For news practitioners this is not the end but rather the start of a golden age, but its up to you. Delivering the facts accurately alongside other forms of media like video and audio as well as distributing it socially will mean journalist will have to work even harder and faster than before. Journalists will also need to develop social communities around their brand and approach stories as opportunities to facilitate debate and gather new information.
Traditional journalists will need to be open to new ways of working and collaborating with their colleagues and their audience using social media. This will require a lot more flexibility in terms of working arrangements and will be a challenge for management in newspapers and broadcast outlets to ingrain in their organisation.
News will be fluid and if journalists wish to survive and thrive in this era of change they need to seize and realise the opportunities and adapt. Never before has such a rich array of technology tools and capabilities been at the disposal of journalists – those who embrace them and adapt will survive and prosper.
Adrian Weckler- Sunday Business Post/BusinessPost.ie
News is its own master and will find its own outlet. That’s good news for anyone with a phone and a big challenge for those who have become comfortable with rigid, established routes to an audience (broadcasters, publishers).
According to the latest survey (Ipsos-MRBI), over half of Irish adults have a Facebook account. Half, again, of those adults visit their Facebook page everyday. That is substantially more people than buy a newspaper every day (even if the purpose for visiting can vary). The same survey shows that a fifth of Irish adults have a Twitter account. At the same time, the number of people buying newspapers here continues to fall, at a rate of between five and ten per cent each year.
But newspapers are slowly starting to adapt. It’s becoming rare to find a journalist who doesn’t have — and use — a Twitter account.
I believe that the profitable, commercially sustainable answer to 100,000% more information, stories and opinions floating around networks and platforms is not to water down journalism and research, but the opposite. If you put more research and skill into a story or a feature, it will stand out even brighter, even in an age of aggregation, sharing and retweets. True, you have to pay attention to a framework, business model and all the rest. But there are different models to let you do this, from paywalls to online ads.
The Sunday Business Post has chosen a blended approach (paywall for the Sunday product, free-to-access for The Daily Business Post). Our experience is that people are willing to pay for news they need when it’s packaged to their liking and delivered on the devices they use.

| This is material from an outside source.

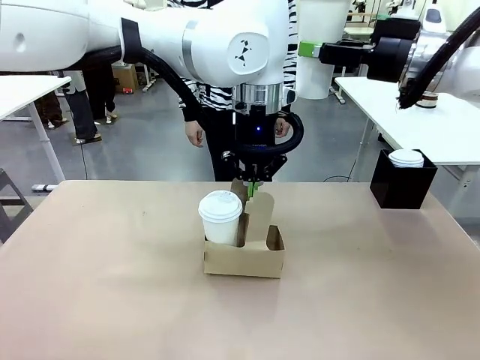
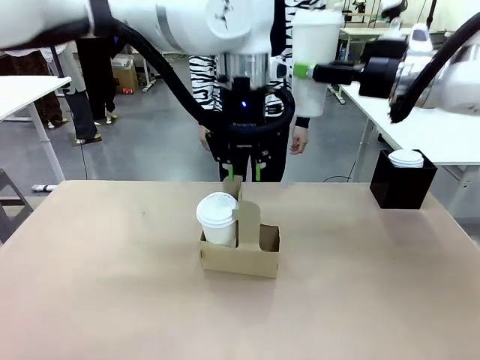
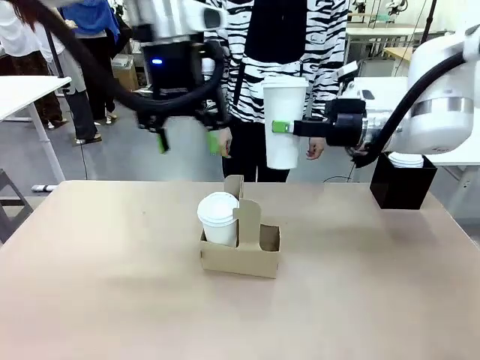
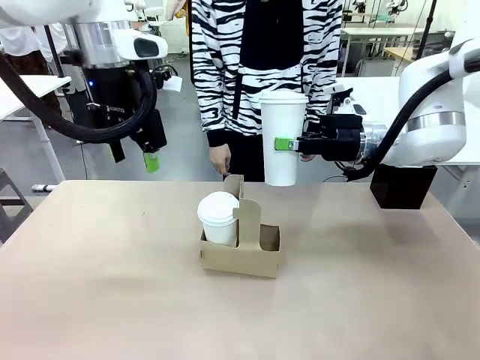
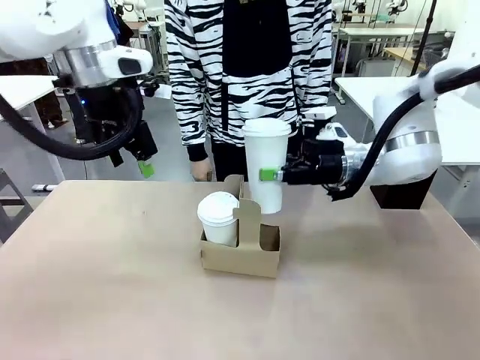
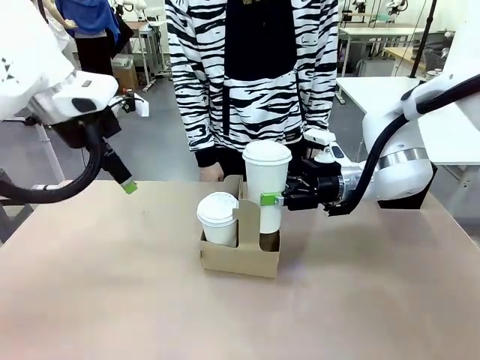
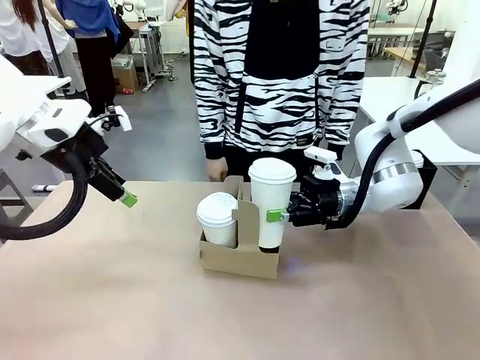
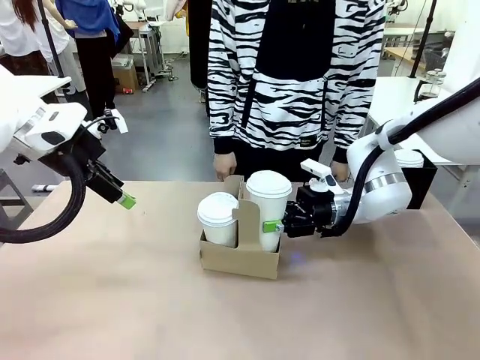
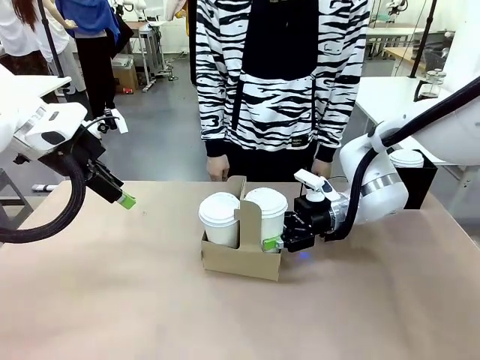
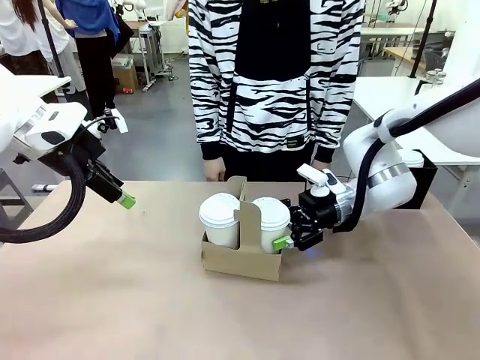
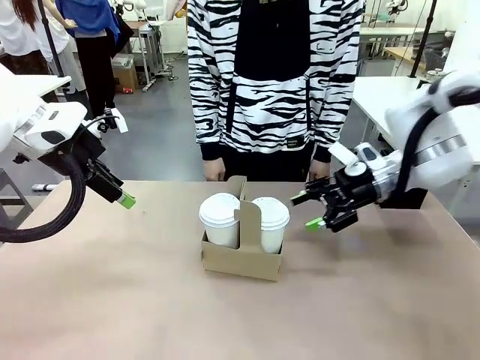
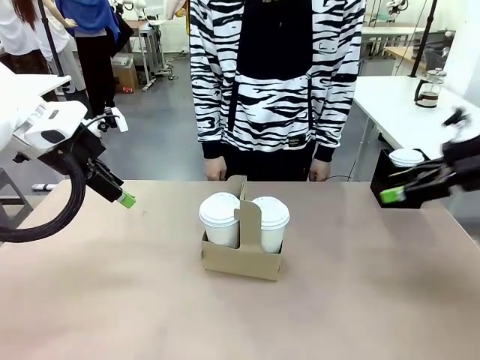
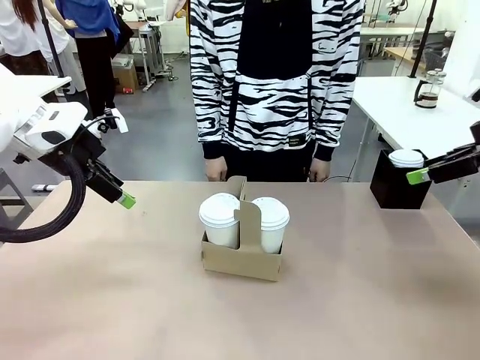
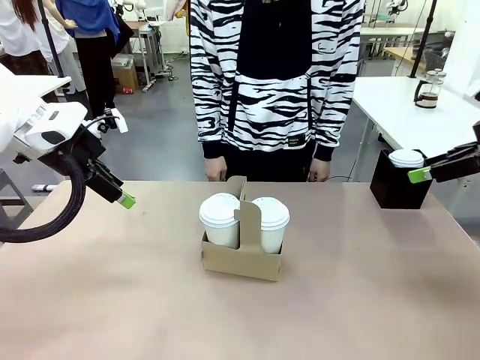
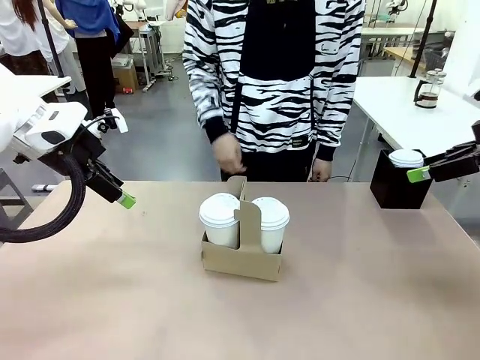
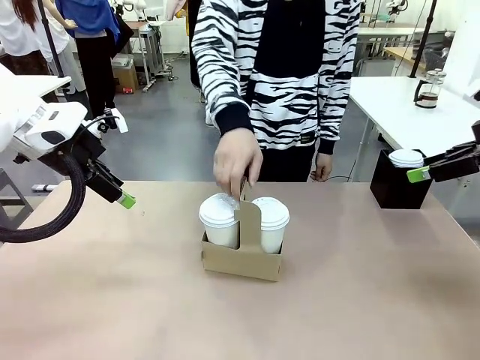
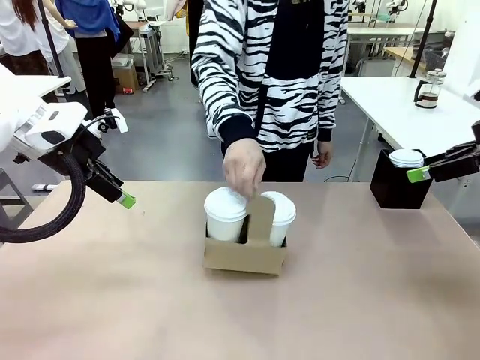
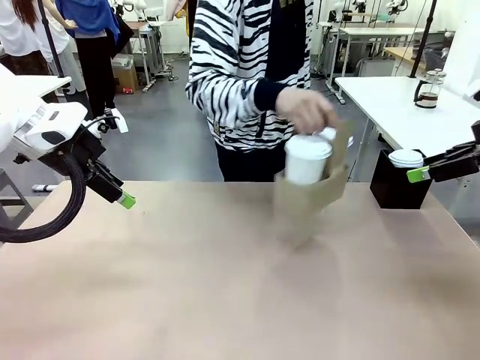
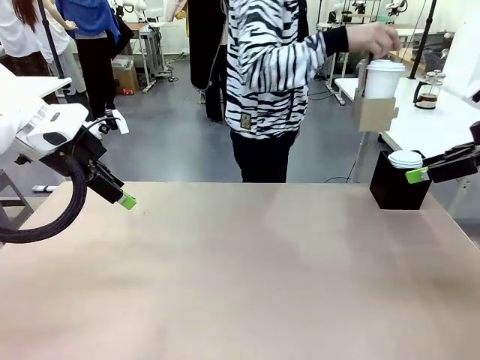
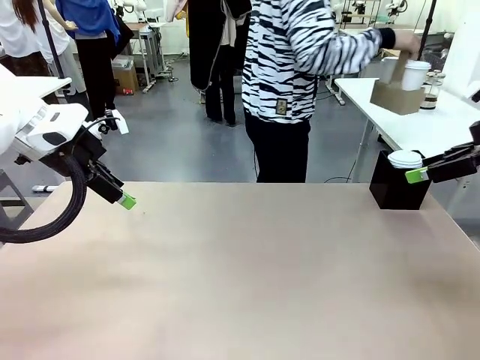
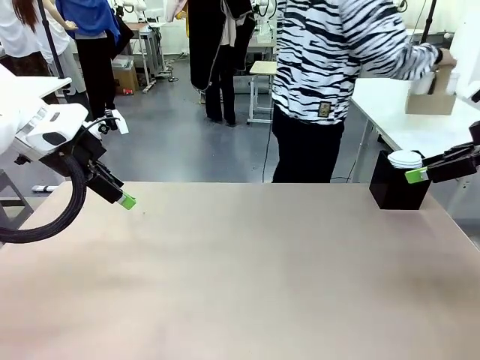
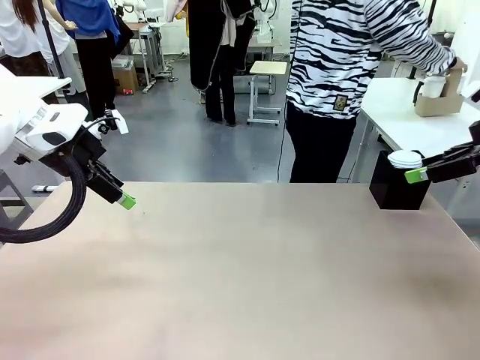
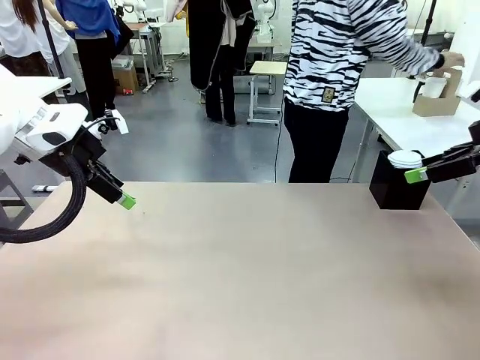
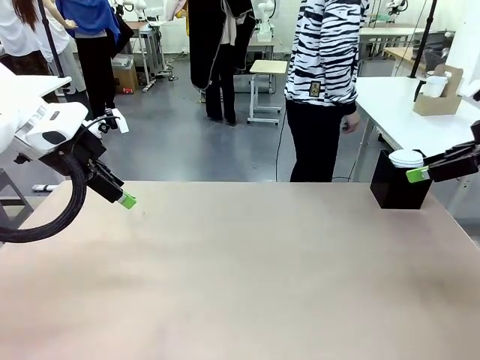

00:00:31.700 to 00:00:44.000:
Robot: Insert the held 600 ml Paper Cup into the Cup Carrier.
Person: Place the Cup Carrier to the middle of Human table.

There are some bright, well-executed rivals that have recently come into the Irish market. The Journal and Broadsheet stand out. They are giving the news audience what it has been looking for and no amount of moaning by traditional publishers about the evils of aggregation is going to change this. What established publishers are now starting to do is to take a minute and re-assess their own mojo. When they think long enough about it, they’ll see that The Financial Times makes a lot more money than Gawker, even if it invests a lot more money, too. The barriers to entry for anyone who wants to cover what’s happening around us are now far lower than they were. That means that it’s not enough for a high-paying traditional publisher simply to type up something that occurred or an announcement from a press release: it doesn’t take a degree to do this. Instead, publishers need to do two things: (i) break news and provide superior analysis and (ii) have platforms in place to make sure that the potential reader doesn’t have to strain to get to that news or analysis.